= Beginning of Section =

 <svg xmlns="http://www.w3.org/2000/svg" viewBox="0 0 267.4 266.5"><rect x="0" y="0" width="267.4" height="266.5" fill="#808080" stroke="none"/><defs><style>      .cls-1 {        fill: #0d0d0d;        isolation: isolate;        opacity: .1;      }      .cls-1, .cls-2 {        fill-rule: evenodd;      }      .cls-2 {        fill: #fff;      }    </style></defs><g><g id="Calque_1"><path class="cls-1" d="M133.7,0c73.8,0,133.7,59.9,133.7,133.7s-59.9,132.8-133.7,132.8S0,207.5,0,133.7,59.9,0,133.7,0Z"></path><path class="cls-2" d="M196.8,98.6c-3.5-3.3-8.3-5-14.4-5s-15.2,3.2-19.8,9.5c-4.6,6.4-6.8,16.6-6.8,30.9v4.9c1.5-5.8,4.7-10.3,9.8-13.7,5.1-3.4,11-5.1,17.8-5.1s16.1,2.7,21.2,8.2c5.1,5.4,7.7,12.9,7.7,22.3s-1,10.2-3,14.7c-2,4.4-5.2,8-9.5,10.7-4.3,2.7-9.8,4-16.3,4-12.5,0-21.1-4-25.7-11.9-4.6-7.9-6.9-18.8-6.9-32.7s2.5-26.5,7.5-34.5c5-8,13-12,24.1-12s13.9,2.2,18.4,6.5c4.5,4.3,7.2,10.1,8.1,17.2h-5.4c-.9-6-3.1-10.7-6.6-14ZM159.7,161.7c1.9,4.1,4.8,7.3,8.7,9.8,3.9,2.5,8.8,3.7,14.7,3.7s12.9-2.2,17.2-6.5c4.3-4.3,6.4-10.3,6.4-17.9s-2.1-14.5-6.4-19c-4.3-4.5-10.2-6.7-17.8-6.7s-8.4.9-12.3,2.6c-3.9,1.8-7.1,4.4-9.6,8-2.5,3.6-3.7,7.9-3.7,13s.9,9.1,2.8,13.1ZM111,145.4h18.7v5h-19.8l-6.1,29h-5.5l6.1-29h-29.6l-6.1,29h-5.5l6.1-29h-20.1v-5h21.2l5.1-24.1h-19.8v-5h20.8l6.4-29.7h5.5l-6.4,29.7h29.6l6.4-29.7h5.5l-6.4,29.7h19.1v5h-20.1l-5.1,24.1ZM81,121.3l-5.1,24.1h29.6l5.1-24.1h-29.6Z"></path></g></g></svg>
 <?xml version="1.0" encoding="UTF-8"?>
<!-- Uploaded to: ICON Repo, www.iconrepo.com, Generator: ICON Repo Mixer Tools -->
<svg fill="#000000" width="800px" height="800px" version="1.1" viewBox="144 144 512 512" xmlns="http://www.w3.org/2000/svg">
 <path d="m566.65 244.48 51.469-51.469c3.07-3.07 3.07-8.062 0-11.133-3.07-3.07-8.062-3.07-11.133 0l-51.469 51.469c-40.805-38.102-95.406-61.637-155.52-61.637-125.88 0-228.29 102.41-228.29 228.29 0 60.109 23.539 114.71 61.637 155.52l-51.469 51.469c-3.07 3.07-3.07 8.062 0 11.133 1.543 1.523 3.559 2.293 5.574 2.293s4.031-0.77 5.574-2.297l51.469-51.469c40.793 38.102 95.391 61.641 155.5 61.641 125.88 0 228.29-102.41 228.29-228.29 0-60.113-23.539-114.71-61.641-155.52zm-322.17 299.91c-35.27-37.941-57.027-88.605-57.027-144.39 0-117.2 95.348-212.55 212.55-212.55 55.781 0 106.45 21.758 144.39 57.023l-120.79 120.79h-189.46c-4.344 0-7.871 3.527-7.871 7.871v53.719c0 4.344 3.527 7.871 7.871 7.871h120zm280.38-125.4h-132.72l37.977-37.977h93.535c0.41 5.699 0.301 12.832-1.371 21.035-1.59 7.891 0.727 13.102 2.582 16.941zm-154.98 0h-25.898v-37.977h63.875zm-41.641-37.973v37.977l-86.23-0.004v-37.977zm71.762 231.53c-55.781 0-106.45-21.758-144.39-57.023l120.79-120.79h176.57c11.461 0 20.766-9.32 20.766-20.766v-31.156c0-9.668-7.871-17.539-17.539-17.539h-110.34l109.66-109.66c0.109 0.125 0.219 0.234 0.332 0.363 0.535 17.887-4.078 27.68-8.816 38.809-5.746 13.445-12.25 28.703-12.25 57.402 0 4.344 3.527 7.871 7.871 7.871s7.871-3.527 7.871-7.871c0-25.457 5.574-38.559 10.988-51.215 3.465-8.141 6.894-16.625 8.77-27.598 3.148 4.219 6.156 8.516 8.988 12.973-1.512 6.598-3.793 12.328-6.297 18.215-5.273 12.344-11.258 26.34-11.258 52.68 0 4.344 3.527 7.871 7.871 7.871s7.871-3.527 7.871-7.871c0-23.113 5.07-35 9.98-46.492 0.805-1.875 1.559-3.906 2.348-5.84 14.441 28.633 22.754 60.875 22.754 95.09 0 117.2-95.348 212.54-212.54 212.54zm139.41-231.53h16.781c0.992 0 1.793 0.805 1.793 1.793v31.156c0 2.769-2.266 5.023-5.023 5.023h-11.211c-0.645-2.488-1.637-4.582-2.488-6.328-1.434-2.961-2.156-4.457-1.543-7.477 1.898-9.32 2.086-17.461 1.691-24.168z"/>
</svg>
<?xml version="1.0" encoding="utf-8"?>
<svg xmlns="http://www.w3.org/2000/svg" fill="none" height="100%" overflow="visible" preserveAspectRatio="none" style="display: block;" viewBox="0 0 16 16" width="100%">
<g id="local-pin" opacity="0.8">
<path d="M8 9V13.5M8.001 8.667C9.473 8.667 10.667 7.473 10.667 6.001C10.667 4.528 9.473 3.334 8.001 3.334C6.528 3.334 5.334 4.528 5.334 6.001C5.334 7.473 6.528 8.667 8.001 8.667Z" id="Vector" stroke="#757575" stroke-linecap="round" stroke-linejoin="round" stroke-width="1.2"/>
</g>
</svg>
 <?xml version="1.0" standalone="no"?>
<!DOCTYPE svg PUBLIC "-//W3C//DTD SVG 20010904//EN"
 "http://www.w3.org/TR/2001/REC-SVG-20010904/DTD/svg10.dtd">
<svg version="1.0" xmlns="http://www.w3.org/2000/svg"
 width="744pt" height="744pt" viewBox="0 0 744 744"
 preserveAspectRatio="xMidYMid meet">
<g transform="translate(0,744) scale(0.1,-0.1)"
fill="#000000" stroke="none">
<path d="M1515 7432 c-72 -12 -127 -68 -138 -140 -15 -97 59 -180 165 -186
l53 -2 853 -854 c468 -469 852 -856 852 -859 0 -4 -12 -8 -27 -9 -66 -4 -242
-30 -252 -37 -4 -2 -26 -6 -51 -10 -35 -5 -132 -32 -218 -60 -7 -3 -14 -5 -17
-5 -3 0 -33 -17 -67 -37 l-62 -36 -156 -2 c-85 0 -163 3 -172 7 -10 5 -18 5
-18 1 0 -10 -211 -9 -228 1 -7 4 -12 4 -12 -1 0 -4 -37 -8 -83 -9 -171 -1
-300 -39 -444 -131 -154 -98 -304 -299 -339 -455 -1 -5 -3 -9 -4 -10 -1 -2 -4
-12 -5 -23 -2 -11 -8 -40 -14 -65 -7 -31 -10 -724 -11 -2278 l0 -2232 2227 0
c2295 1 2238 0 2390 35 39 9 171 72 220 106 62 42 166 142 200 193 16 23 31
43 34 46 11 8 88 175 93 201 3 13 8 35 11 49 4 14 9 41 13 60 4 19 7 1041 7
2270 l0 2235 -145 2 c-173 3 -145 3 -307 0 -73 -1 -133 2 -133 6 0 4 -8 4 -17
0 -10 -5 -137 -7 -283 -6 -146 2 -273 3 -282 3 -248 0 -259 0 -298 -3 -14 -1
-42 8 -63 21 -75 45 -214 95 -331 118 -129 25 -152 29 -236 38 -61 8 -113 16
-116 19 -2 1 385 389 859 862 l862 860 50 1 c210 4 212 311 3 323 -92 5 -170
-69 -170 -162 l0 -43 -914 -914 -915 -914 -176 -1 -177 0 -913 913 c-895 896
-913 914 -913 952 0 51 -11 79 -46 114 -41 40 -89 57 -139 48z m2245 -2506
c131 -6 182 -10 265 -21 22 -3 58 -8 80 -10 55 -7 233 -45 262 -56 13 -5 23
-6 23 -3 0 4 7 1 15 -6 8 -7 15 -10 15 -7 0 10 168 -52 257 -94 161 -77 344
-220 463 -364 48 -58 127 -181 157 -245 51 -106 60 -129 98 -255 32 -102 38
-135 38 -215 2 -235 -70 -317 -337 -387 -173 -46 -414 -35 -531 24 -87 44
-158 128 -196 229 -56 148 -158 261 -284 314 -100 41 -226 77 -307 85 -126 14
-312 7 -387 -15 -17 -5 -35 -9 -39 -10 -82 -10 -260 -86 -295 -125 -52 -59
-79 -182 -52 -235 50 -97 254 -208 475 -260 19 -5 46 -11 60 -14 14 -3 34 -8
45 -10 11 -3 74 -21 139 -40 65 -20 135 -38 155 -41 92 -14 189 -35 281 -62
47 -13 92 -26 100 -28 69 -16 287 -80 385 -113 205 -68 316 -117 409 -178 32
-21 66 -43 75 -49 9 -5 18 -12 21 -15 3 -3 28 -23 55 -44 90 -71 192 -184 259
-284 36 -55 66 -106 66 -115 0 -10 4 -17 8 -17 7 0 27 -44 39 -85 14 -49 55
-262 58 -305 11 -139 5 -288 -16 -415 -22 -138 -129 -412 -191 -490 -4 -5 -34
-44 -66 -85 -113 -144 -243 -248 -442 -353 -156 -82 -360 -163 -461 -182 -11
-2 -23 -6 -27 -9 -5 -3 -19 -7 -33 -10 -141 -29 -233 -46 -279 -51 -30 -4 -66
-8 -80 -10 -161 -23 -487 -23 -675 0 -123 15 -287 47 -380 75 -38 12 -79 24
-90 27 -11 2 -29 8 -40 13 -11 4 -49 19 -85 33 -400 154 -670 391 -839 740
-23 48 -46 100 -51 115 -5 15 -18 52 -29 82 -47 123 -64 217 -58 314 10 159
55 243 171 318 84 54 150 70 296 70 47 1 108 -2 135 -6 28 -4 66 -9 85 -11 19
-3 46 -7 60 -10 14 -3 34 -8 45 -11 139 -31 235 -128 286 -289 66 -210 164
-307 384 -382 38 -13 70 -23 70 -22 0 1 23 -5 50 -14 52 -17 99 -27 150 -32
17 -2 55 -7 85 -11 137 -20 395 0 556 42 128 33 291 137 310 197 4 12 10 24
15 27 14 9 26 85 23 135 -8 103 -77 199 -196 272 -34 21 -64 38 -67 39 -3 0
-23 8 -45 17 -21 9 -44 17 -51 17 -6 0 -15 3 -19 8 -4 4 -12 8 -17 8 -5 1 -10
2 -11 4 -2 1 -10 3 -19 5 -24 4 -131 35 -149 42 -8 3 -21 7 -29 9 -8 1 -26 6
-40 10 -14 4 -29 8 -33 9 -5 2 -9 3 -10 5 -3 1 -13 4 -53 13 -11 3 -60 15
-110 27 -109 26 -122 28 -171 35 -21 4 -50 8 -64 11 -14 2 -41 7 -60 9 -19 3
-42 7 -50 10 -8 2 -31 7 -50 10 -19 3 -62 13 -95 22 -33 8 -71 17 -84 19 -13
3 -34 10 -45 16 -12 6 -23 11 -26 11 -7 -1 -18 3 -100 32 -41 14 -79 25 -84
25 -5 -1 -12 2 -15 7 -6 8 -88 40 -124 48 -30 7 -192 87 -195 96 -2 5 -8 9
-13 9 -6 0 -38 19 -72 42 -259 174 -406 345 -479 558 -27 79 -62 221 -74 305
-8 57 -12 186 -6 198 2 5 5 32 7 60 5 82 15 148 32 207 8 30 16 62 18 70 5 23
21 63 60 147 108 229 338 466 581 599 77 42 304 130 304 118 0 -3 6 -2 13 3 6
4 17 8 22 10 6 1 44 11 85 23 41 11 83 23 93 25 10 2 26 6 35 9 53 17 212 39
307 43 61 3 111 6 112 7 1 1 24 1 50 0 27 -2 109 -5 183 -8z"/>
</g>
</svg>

= End of Section =

» **Task details**
Only the lines above starting with the one with "-220 463 -364" and going through the one with "-2 -23 -6 -27" are to be copied, word for word and with both ends kept.

» **The answer**
-220 463 -364 48 -58 127 -181 157 -245 51 -106 60 -129 98 -255 32 -102 38
-135 38 -215 2 -235 -70 -317 -337 -387 -173 -46 -414 -35 -531 24 -87 44
-158 128 -196 229 -56 148 -158 261 -284 314 -100 41 -226 77 -307 85 -126 14
-312 7 -387 -15 -17 -5 -35 -9 -39 -10 -82 -10 -260 -86 -295 -125 -52 -59
-79 -182 -52 -235 50 -97 254 -208 475 -260 19 -5 46 -11 60 -14 14 -3 34 -8
45 -10 11 -3 74 -21 139 -40 65 -20 135 -38 155 -41 92 -14 189 -35 281 -62
47 -13 92 -26 100 -28 69 -16 287 -80 385 -113 205 -68 316 -117 409 -178 32
-21 66 -43 75 -49 9 -5 18 -12 21 -15 3 -3 28 -23 55 -44 90 -71 192 -184 259
-284 36 -55 66 -106 66 -115 0 -10 4 -17 8 -17 7 0 27 -44 39 -85 14 -49 55
-262 58 -305 11 -139 5 -288 -16 -415 -22 -138 -129 -412 -191 -490 -4 -5 -34
-44 -66 -85 -113 -144 -243 -248 -442 -353 -156 -82 -360 -163 -461 -182 -11
-2 -23 -6 -27 -9 -5 -3 -19 -7 -33 -10 -141 -29 -233 -46 -279 -51 -30 -4 -66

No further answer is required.